Read Dream Catcher: A Memoir Online
Authors: Margaret A. Salinger
My mother says she remembers coming upon us in the living room discussing a drawing I had done. She quietly backed out of the room so as not to disturb us at work. I wish I could remember the particulars of our conversations, but I recently came across a short poem that expresses beautifully how friendship with an old man could mean so much to a young child—how we would be landsmen. It is called “The Little Boy and the Old Man” by Shel Silverstein:
Said the little boy, “Sometimes I drop my spoon.”
Said the little old man, “I do that too.”
The little boy whispered, “I wet my pants.”
“I do that too,” laughed the little old man.
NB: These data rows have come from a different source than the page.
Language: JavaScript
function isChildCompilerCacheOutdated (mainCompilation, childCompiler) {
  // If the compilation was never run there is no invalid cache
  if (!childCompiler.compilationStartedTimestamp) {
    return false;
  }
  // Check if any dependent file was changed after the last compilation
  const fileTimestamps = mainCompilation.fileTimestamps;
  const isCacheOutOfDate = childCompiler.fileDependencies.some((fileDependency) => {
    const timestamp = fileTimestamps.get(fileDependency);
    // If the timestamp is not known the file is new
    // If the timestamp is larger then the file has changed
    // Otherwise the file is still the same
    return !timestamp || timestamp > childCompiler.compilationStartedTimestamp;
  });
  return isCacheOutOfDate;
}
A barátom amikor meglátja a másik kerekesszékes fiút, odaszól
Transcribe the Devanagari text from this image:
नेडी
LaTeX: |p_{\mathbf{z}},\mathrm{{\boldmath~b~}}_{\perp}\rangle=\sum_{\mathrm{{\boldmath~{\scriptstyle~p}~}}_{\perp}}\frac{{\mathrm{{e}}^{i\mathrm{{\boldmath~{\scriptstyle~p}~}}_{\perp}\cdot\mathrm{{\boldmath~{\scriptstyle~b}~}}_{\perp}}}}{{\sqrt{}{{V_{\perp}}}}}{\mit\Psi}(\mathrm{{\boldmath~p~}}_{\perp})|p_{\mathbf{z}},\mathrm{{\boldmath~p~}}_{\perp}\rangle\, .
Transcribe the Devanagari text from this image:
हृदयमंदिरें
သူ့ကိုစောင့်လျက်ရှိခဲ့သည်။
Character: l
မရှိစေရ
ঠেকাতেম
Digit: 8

Said the little boy, “I often cry.”
The old man nodded, “So do I.”
“But worst of all,” said the boy, “it seems
Grown-ups don’t pay attention to me.”
And he felt the warmth of a wrinkled old hand.
“I know what you mean,” said the little old man.
Judge Hand died when I was five, the year Father John was sent to the South Seas. I miss him still. When I was a college student at Brandeis studying history and law, I often imagined conversations with him, wishing he were there to talk to, to share my excitement. Both he and Father John left a warm place in my life, though, not an empty one, the way the mouse in Leo Lionni’s book
Frederick
saves
the colors of summer in his mind to sustain him through the long, dark winter.
T
HE WINTER OF
’59 was a long, gray, sleepless night. Even my father longed for spring when the sunlight returned and Judge and Mrs. Hand once again warmed our lives with their good company. In a letter to the Hands, my father writes of the endless winter, and how he misses them terribly. He tells them he wished they lived in Cornish year-round. But my father, at least, had escaped the snow and ice for many weeks at a time. He’d been in Atlantic City hotel rooms trying to finish a final draft of
Seymour: An Introduction.
While my father was away, a terrible thing happened. It remained locked away, buried deep within my body, until nearly thirty-five years later, when all hell broke loose during the birth of my son. I had been in hard labor for some thirty-four hours when, suddenly, my water broke on the delivery table and I began to disappear. A three-year-old girl took my place at the window of my eyes and told the nurses what she saw. “I didn’t kill it, I didn’t kill the baby, I didn’t mean to,” she screamed, pleading with the nurses to believe her.
I’m three years old and terrible sounds are coming from the bathroom, sounds like the ones I hear in my ears now. My mother is in the bathroom, and I have to pee. I don’t dare knock on the bathroom door. I’m hiding in my room and stuffing my fingers in my ears, which doesn’t help. The noise stops. I hear the door shut and Mama’s footsteps fade down the hall to their bedroom. When the door is shut, I creep out quietly and steal into the bathroom. I haven’t peed in so long I just had to go in there or risk sitting in cold, wet clothes until somebody finds me. You never knew how long that could be. Just short of forever. I dash in and barely make it, plunk down on the toilet and pee. I get up and flush like a good girl. Mama’s shrieks reach me, too late. “Don’t flush the toilet. Don’t flush it!” I look and there in the toilet is a baby, all watery and bloody, but a small, real baby. And I’d killed it.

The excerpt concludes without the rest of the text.